Gold broke out again to the upside after its bullish consolidation we highlighted last week. The relentless rally has seen 10 ‘green days’ out of the past 14 sessions. The US government shutdown has been cited as a reason for bugs pushing prices higher. But ETF inflows have been strong recently, with positive numbers over the past four straight weeks. That has seen total holdings reach levels near the pandemic record highs.
Day Ahead – RBA Meeting, JOLTs data
The RBA is widely expected to keep the Cash Rate unchanged at 3.60% at its meeting, with the next 25bps cut not fully priced in by mkts until March 2026. The meeting will not include updated forecasts. The upside surprise in August’s monthly CPI reduced the case for near-term easing, although the trimmed mean eased one-tenth to 2.6%. The RBA is unlikely to overreact to one month of stronger data given the broader inflation outlook remains consistent with the target while the labour market is gradually loosening. Policymakers are unlikely to rush into rate cuts and will adopt a wait-and-see approach ahead of the Q3 CPI release on October 29. Governor Bullock has previously emphasised this data as a key input to future rate decisions.
JOLTS data centres around job vacancy figures and labour market churn. This kicks of a data-heavy week of multiple employment figures including ADP on Wednesday, weekly initial jobless claims on Thursday and NFP to wrap up the week. (There is the possibility of the government shutdown thwarting some of these releases.) Consensus expect JOLTS to show job openings held firm around 7.18mn in August while some attention will be on the uptick in layoffs. A low quit rate would continue to signal wage moderation. Recent figures have confirmed the job market is loosening.
Chart of the Day – AUD/USD bounces off 50-day SMA
The aussie has been the best performing major currency against the dollar this month.

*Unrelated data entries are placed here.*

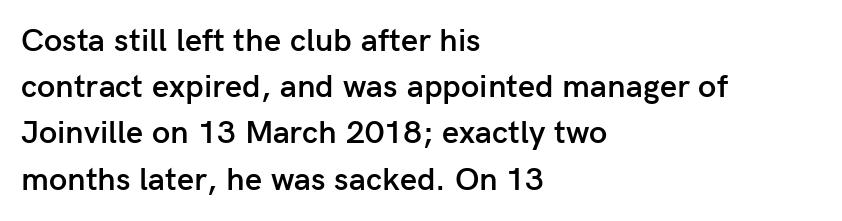
Every letter is mildly thick-stroked: semibold rather than bold. Does extra space separate the letters? No, they use regular spacing. Designer's note — italics off, roman on. Vertical spacing — default. Plain, unruled lines of type.
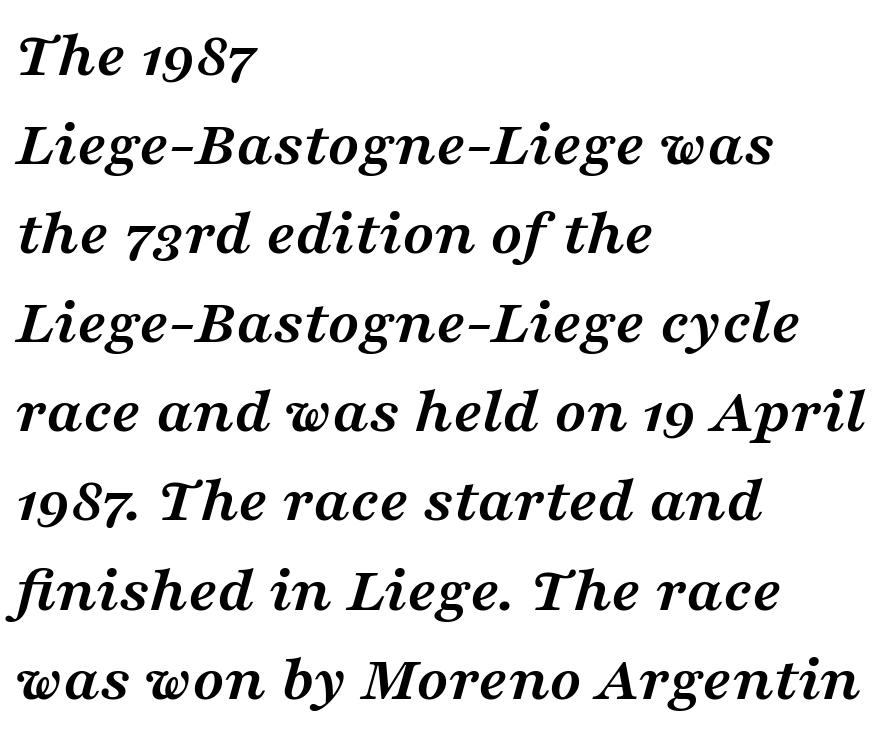
Q: Is the text bold? A: Yes.
Q: Is the text italic (slanted)? A: Yes, it leans right by about 16 degrees.
Q: Is the typeface a serif or a sans-serif typeface? A: Serif.
Q: Is the text underlined? A: No.
Q: How is the paragraph aligned? A: Left-aligned.
Q: Is the spacing between letters normal or unusually wide? A: Normal.
Q: Is the spacing between lines tight, normal or loose? A: Normal.
Q: Width (condensed, normal, or wide)? A: Wide.
Q: Stroke contrast? A: Medium.
Q: x-height? A: Medium.
Q: Monospaced? A: No.
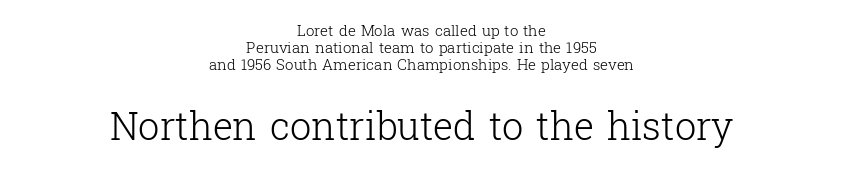
Q: Is the text bold? A: No.
Q: Is the text italic (slanted)? A: No, it is upright.
Q: Is the typeface a serif or a sans-serif typeface? A: Serif.
Q: Is the text underlined? A: No.
Q: How is the paragraph aligned? A: Centered.
Q: Is the spacing between letters normal or unusually wide? A: Normal.
Q: Is the spacing between lines tight, normal or loose? A: Tight.
Q: Which block of text is set in a larger size, the first (top) or the second (bottom)? A: The second (bottom) one.
Q: Width (condensed, normal, or wide)? A: Normal.
Q: Stroke contrast? A: Low.
Q: x-height? A: Medium.
Q: Monospaced? A: No.
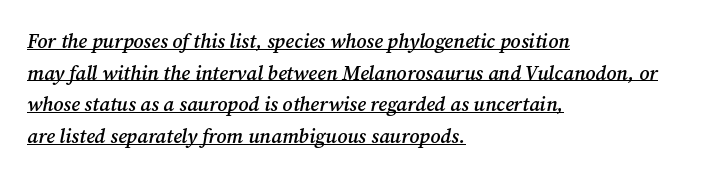
Q: Is the text bold? A: Semi-bold.
Q: Is the text italic (slanted)? A: Yes, it leans right by about 12 degrees.
Q: Is the text underlined? A: Yes.
Q: How is the paragraph aligned? A: Left-aligned.
Q: Is the spacing between letters normal or unusually wide? A: Normal.
Q: Is the spacing between lines tight, normal or loose? A: Normal.
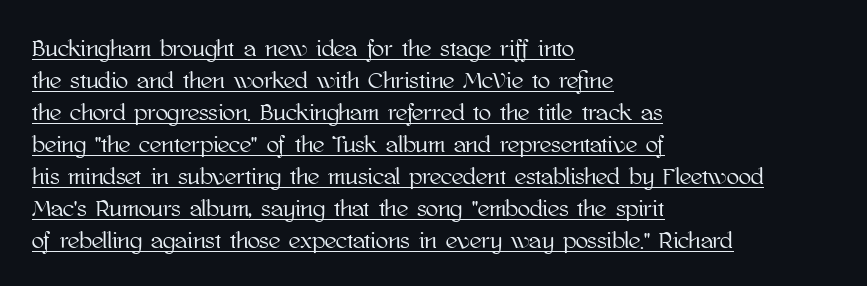
The image shows 23 px text type, upright; set left-aligned, normal line spacing (1.39x), normal letter spacing, underlined.
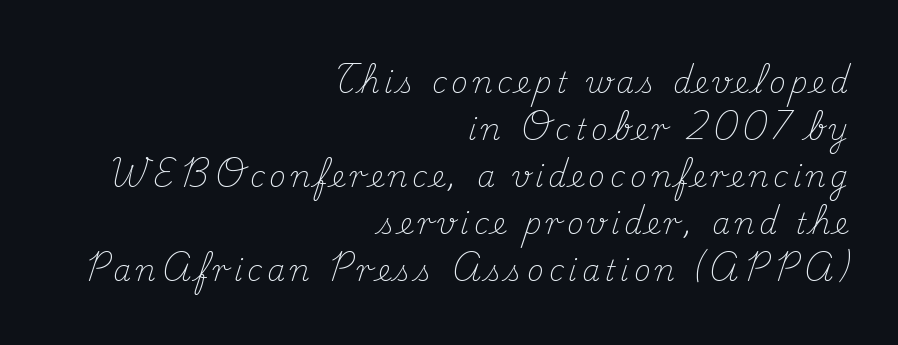
Q: Is the text bold? A: No.
Q: Is the text italic (slanted)? A: Yes.
Q: Is the typeface a serif or a sans-serif typeface? A: Serif.
Q: Is the text underlined? A: No.
Q: How is the paragraph aligned? A: Right-aligned.
Q: Is the spacing between lines tight, normal or loose? A: Normal.
Q: Width (condensed, normal, or wide)? A: Normal.
Q: Stroke contrast? A: Medium.
Q: x-height? A: Small.
Q: Monospaced? A: No.
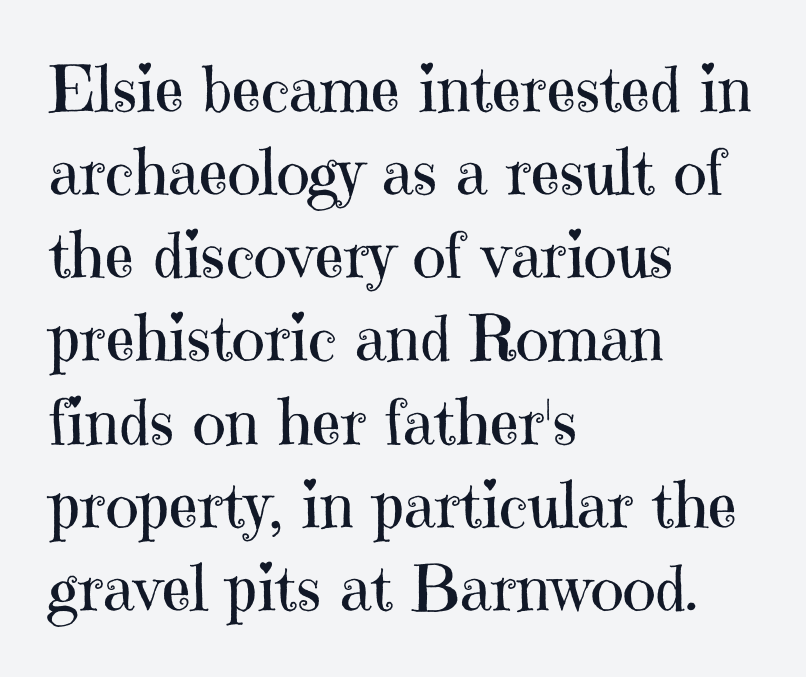
Letterform terminals end in serifs throughout the passage. The passage shown is typed in a proportional face where columns would drift. Is the type heavy? It reads as light-to-regular instead. This is the regular roman posture of the typeface. Where is the straight margin? On the left. The rows are spaced the way most documents space them.
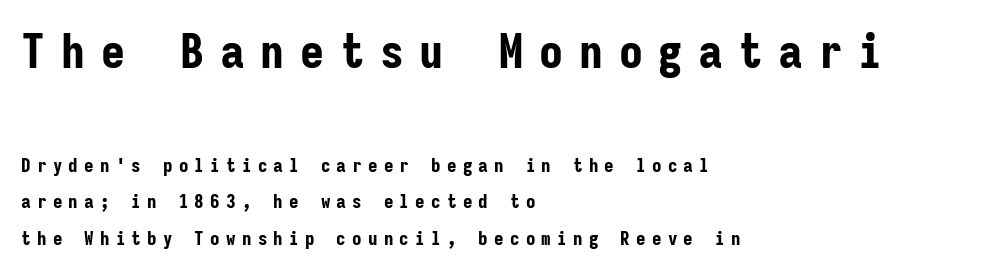
The image shows 48 px bold, condensed sans-serif type, upright, monospaced; set left-aligned, loose line spacing (1.94x), unusually wide letter spacing (+0.33 em), not underlined; the first (top) block is 2.53x larger; low stroke contrast and a medium x-height.
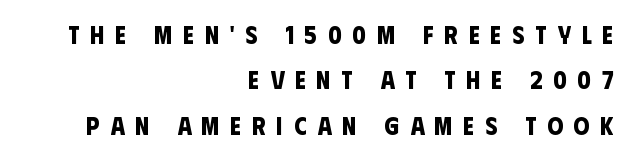
Caption: bold face, heavy strokes. The area under the type is left untouched. Characters follow at a spacing far wider than the type designer built in. If you drew a ruler down the right edge, every line would touch it.
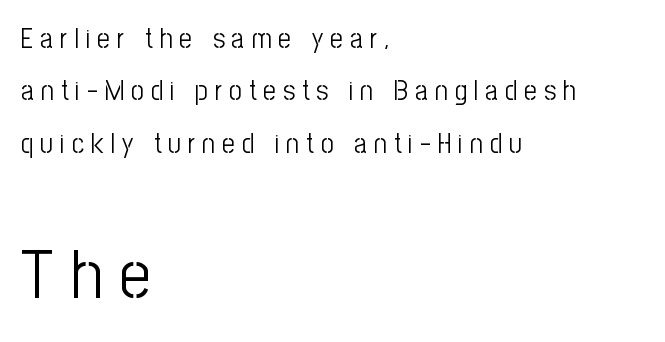
The image shows 69 px light, condensed sans-serif type, upright; set left-aligned, line spacing 1.87x, unusually wide letter spacing (+0.25 em), not underlined; the second (bottom) block is 2.46x larger; low stroke contrast and a medium x-height.
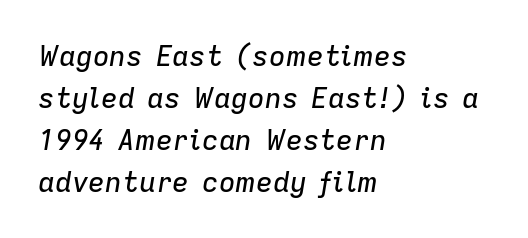
Rendered with sloped, italic letterforms. Is this a fixed-width face? No — the glyphs have proportional, varying widths. Any mark beneath the type? The region is blank. These lines stack with their left ends in a neat column.
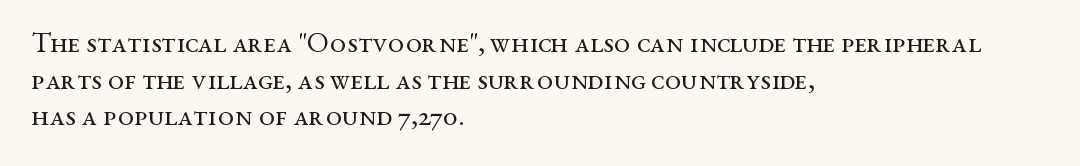
Q: Is the text bold? A: No.
Q: Is the text italic (slanted)? A: No, it is upright.
Q: Is the typeface a serif or a sans-serif typeface? A: Serif.
Q: Is the text underlined? A: No.
Q: How is the paragraph aligned? A: Left-aligned.
Q: Is the spacing between letters normal or unusually wide? A: Normal.
Q: Is the spacing between lines tight, normal or loose? A: Normal.
Q: Width (condensed, normal, or wide)? A: Wide.
Q: Stroke contrast? A: Medium.
Q: x-height? A: Medium.
Q: Monospaced? A: No.
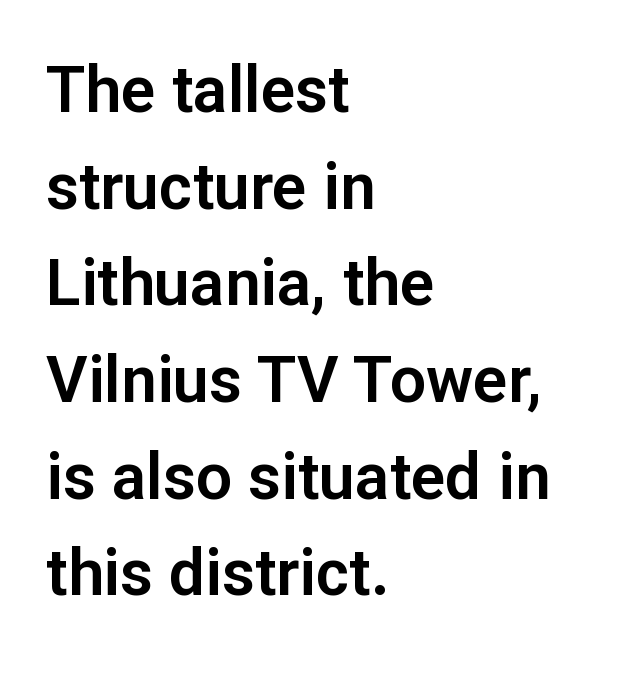
{"serif": "no", "italic": "no", "width": "normal", "stroke_contrast": "low", "x_height": "medium", "monospaced": "no", "underline": "no", "align": "left", "line_spacing": "normal", "line_spacing_ratio": 1.51, "letter_spacing": "normal", "letter_spacing_em": 0.0, "glyph_px": 64}
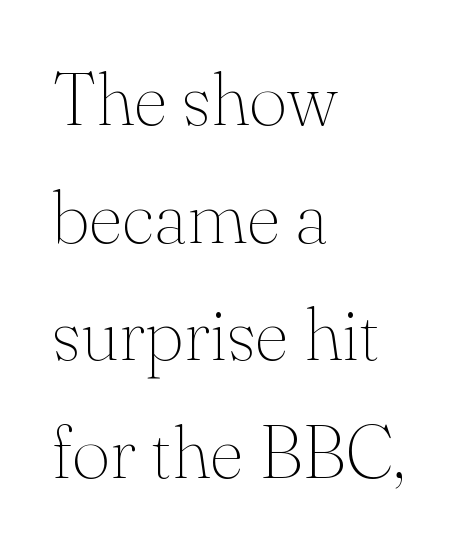
The image shows 74 px thin serif type, upright; set left-aligned, normal line spacing (1.59x), normal letter spacing, not underlined; medium stroke contrast and a small x-height.
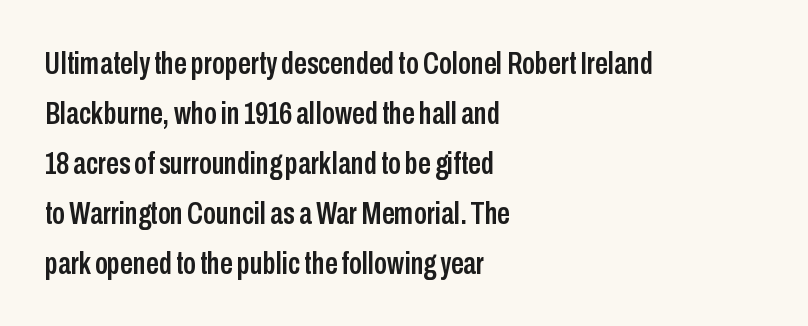
The image shows 32 px condensed sans-serif type, upright; set left-aligned, normal line spacing (1.56x), normal letter spacing, not underlined; low stroke contrast and a medium x-height.
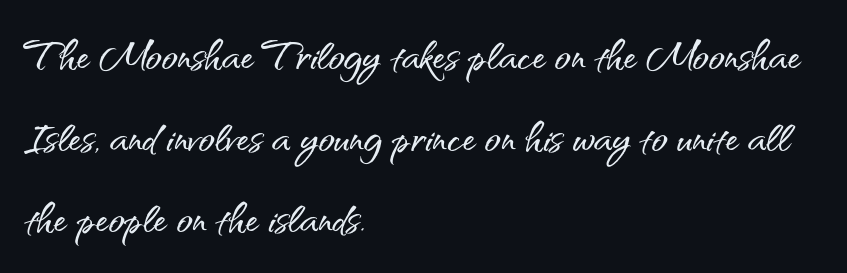
Underline: absent. These lines are set flush left with a ragged right edge. The passage shown stacks its lines at a standard gap. Is the letter spacing exaggerated? No — it looks like the ordinary default.

Rate cuts bets have cooled since the stronger than expected inflation data. That saw odds of a November 25bps reduction slashed from a near 90% chance to currently roughly a coin toss now. The major’s retrace from the multi-month top above 0.67 ten days ago looks to have found support at the 50-day SMA at 0.6539. A Fib level (61.8%) of the September 2024 to April 2025 decline sit at 0.6549 reinforcing this support zone. A more hawkish RBA should see prices push higher, though markets will also have one eye on US jobs data out this week.